From 0cca447f442c0e6c5f11617c1bb2b6c35f299a77 Mon Sep 17 00:00:00 2001
From: Robin Linacre <robin.linacre@digital.justice.gov.uk>
Date: Fri, 3 Nov 2023 09:43:02 +0000
Subject: [PATCH 2/3] line length

---
 splink/blocking.py | 12 ++++++------
 1 file changed, 6 insertions(+), 6 deletions(-)
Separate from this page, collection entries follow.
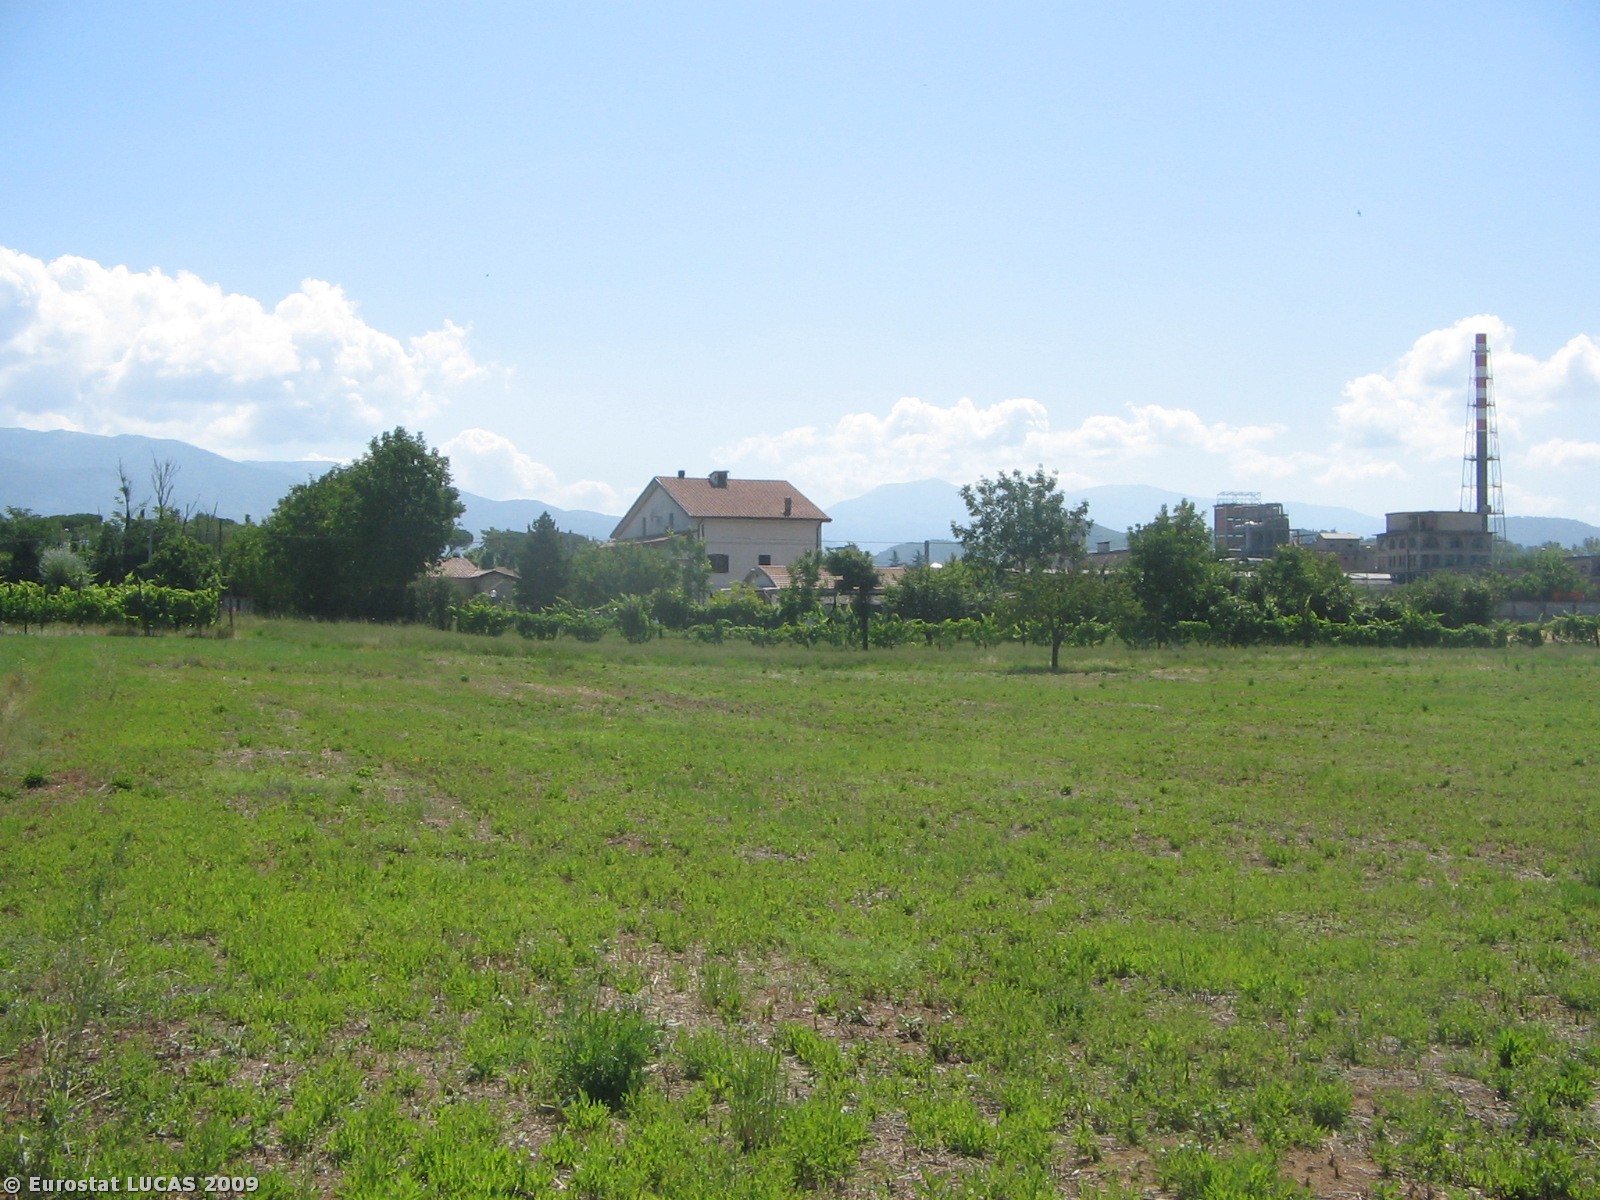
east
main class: Grassland
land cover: Spontaneously vegetated surfaces
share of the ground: > 75 %
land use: Fallow land
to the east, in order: Spontaneously vegetated surfaces; Electric lines; Spontaneously vegetated surfaces; Artificial constructions; Paved roads, cycling and walking lanes; Artificial constructions; Managed hedges; Arable land (only in case pi)
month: July
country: IT
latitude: 42.4152
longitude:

diff --git a/splink/blocking.py b/splink/blocking.py
index 7cd7fda6c2..40ed9a1c43 100644
--- a/splink/blocking.py
+++ b/splink/blocking.py
@@ -228,29 +228,29 @@ def block_using_rules_sqls(linker: Linker):
 
         # This also needs to work for training u
         if linker._train_u_using_random_sample_mode:
-            sample_switch = "_sample"
+            spl_switch = "_sample"
         else:
-            sample_switch = ""
+            spl_switch = ""
 
         sql = f"""
-        select * from __splink__df_concat_with_tf{sample_switch}
+        select * from __splink__df_concat_with_tf{spl_switch}
         where {source_dataset_col} = '{df_l.templated_name}'
         """
         sqls.append(
             {
                 "sql": sql,
-                "output_table_name": f"__splink__df_concat_with_tf{sample_switch}_left",
+                "output_table_name": f"__splink__df_concat_with_tf{spl_switch}_left",
             }
         )
 
         sql = f"""
-        select * from __splink__df_concat_with_tf{sample_switch}
+        select * from __splink__df_concat_with_tf{spl_switch}
         where {source_dataset_col} = '{df_r.templated_name}'
         """
         sqls.append(
             {
                 "sql": sql,
-                "output_table_name": f"__splink__df_concat_with_tf{sample_switch}_right",
+                "output_table_name": f"__splink__df_concat_with_tf{spl_switch}_right",
             }
         )
 

From f36f498fcb076939589defa7527f561536a16c53 Mon Sep 17 00:00:00 2001
From: Robin Linacre <robin.linacre@digital.justice.gov.uk>
Date: Fri, 3 Nov 2023 10:21:02 +0000
Subject: [PATCH 3/3] fix to em_training_session.py

---
 splink/em_training_session.py | 2 +-
 1 file changed, 1 insertion(+), 1 deletion(-)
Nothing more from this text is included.